Abstract — Implanted functional electrical stimulation (FES) systems for walking are experimentally available to individuals with incomplete spinal cord injury (SCI); however, data on short-term therapeutic and functional outcomes are limited. The goal of this study was to quantify therapeutic and functional effects of an implanted FES system for walking after incomplete cervical SCI. After robotic-assisted treadmill training and overground gait training maximized his voluntary function, an individual with incomplete SCI (American Spinal Injury Association grade C, cervical level 6-7) who could stand volitionally but not step was surgically implanted with an 8-channel receiver stimulator and intramuscular electrodes.

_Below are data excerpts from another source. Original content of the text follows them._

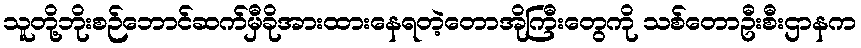
သူတို့ဘိုးစဉ်ဘောင်ဆက်မှီခိုအားထားနေရတဲ့တောအိုကြီးတွေကို သစ်တောဦးစီးဌာနက
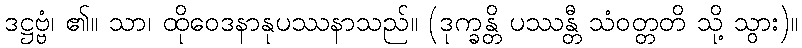
ဒဋ္ဌဗ္ဗံ၊ ၏။ သာ၊ ထိုဝေဒနာနုပဿနာသည်။ (ဒုက္ခန္တိ ပဿန္တီ သံဝတ္တတိ သို့ သွား)။
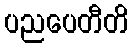
ပညပေတီတိ
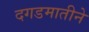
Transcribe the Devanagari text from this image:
दगडमातीने
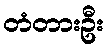
တံတားဦး
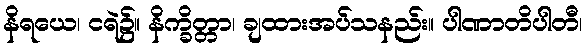
နိရယေ၊ ငရဲ၌။ နိက္ခိတ္တာ၊ ချထားအပ်သနည်း။ ပါဏာတိပါတီ၊
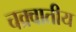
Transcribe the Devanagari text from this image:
चक्र्वातीय
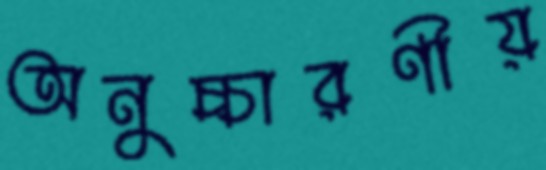
অনুচ্চারণীয়
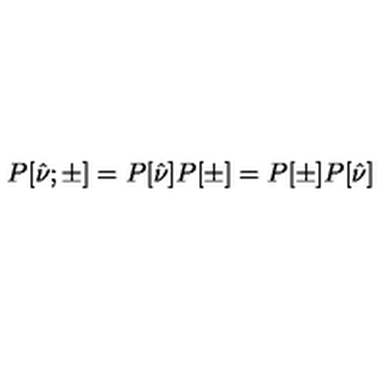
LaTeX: P [ \hat { \nu } ; \pm ] = P [ \hat { \nu } ] P [ \pm ] = P [ \pm ] P [ \hat { \nu } ]
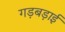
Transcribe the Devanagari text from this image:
गड़बड़ाई
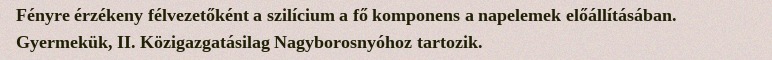
Fényre érzékeny félvezetőként a szilícium a fő komponens a napelemek előállításában. Gyermekük, II. Közigazgatásilag Nagyborosnyóhoz tartozik.
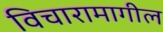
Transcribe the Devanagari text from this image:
विचारामागील
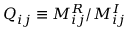
Q _ { i j } \equiv M _ { i j } ^ { R } / M _ { i j } ^ { I }
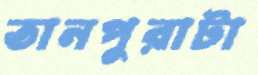
তানপুরাটা
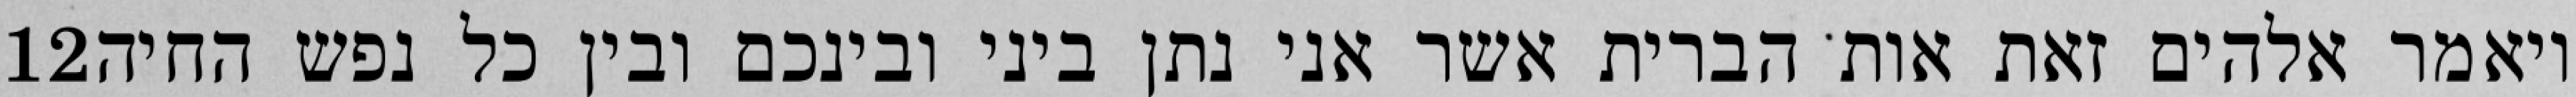
‎12‏ ויאמר אלהים זאת אות הברית אשר אני נתן ביני ובינכם ובין כל נפש החיה
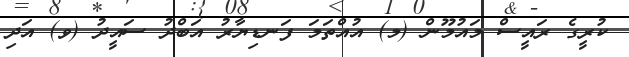
ކުރީގެ ރައީސް މައުމޫން (މ) އުއްތަމަ ފަނޑިޔާރު އަބްދު ސައީދު (ވ) އަދި
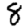
Digit: 8
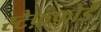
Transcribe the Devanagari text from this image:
स्टैफ़्फ़ोर्ड
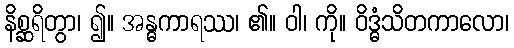
နိစ္ဆရိတွာ၊ ၍။ အန္ဓကာရဿ၊ ၏။ ဝါ၊ ကို။ ဝိဒ္ဓံသိတကာလော၊
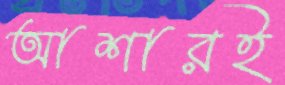
আশারই
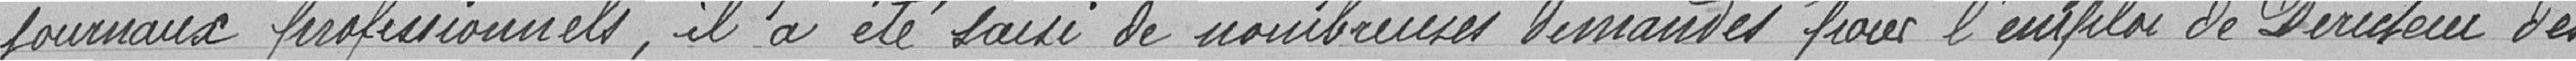
journaux professionnels, il a été saisi de nombreuses demandes pour l'emploi de Directeur des
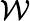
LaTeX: {\cal W}
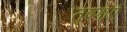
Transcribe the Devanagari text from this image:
तृष्णाएं
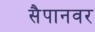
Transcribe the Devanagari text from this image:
सैपानवर
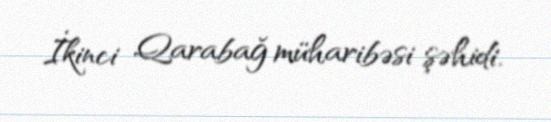
İkinci Qarabağ müharibəsi şəhidi.
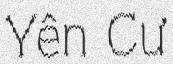
Yên Cư
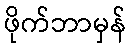
ဖိုက်ဘာမှန်
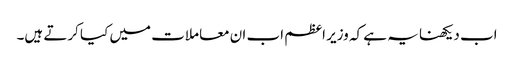
اب دیکھنا یہ ہے کہ وزیر اعظم اب ان معاملات میں کیا کرتے ہیں۔
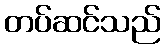
တပ်ဆင်သည်
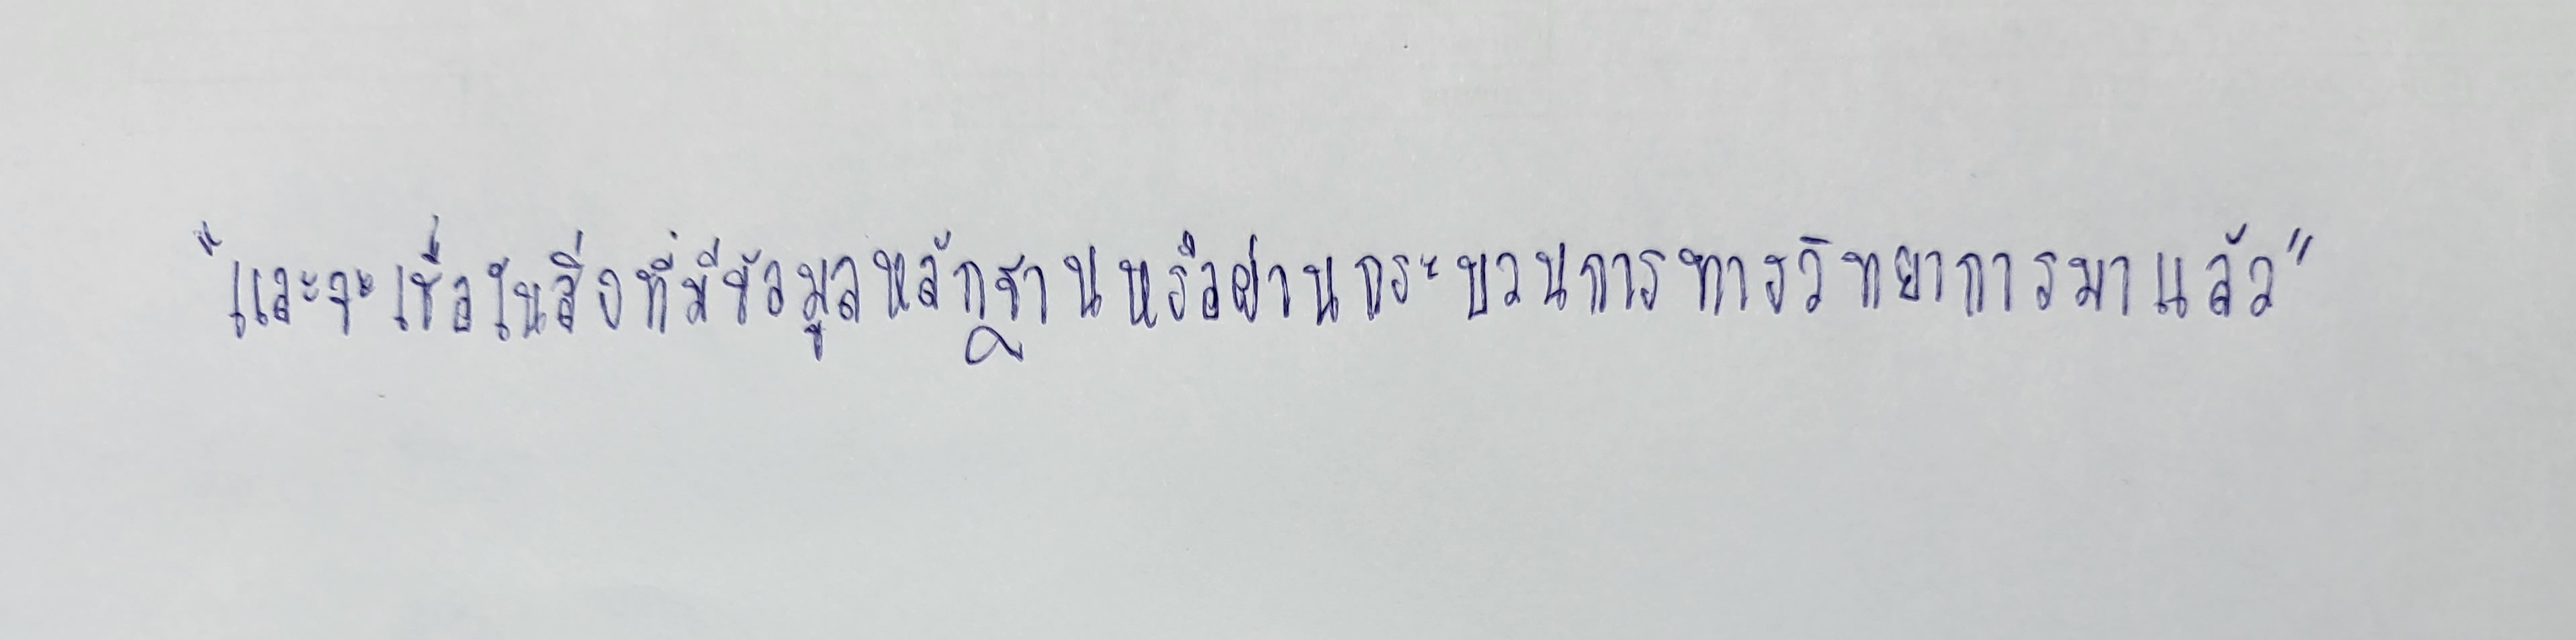
"และจะเชื่อในสิ่งที่มีข้อมูลหลักฐานหรือผ่านกระบวนการทางวิทยาการมาแล้ว"

Electrodes were implanted bilaterally, recruiting iliopsoas, vastus intermedius and lateralis, tensor fasciae latae, tibialis anterior, and peroneus longus muscles. Twelve weeks of training followed limited activity post-surgery. Customized stimulation patterns addressed gait deficits via an external control unit. The system was well-tolerated and reliable. After the 12-week training, maximal walking distance increased (from 14 m to 309 m), maximal walking speed was 10 times greater (from 0.02 m/s to 0.20 m/s), and physiological cost index was 5 times less (from 44.4 beats/m to 8.6 beats/m). Voluntary locomotor function was unchanged. The implanted FES system was well-tolerated, reliable, and supplemented function, allowing the participant limited community ambulation. Physiological effort decreased and maximal walking distance increased dramatically over 12 weeks.

Key words: ambulation, FES, functional outcomes, locomotion, neurological gait disorders, physiological cost index, rehabilitation, spinal cord injury, stimulation, walking.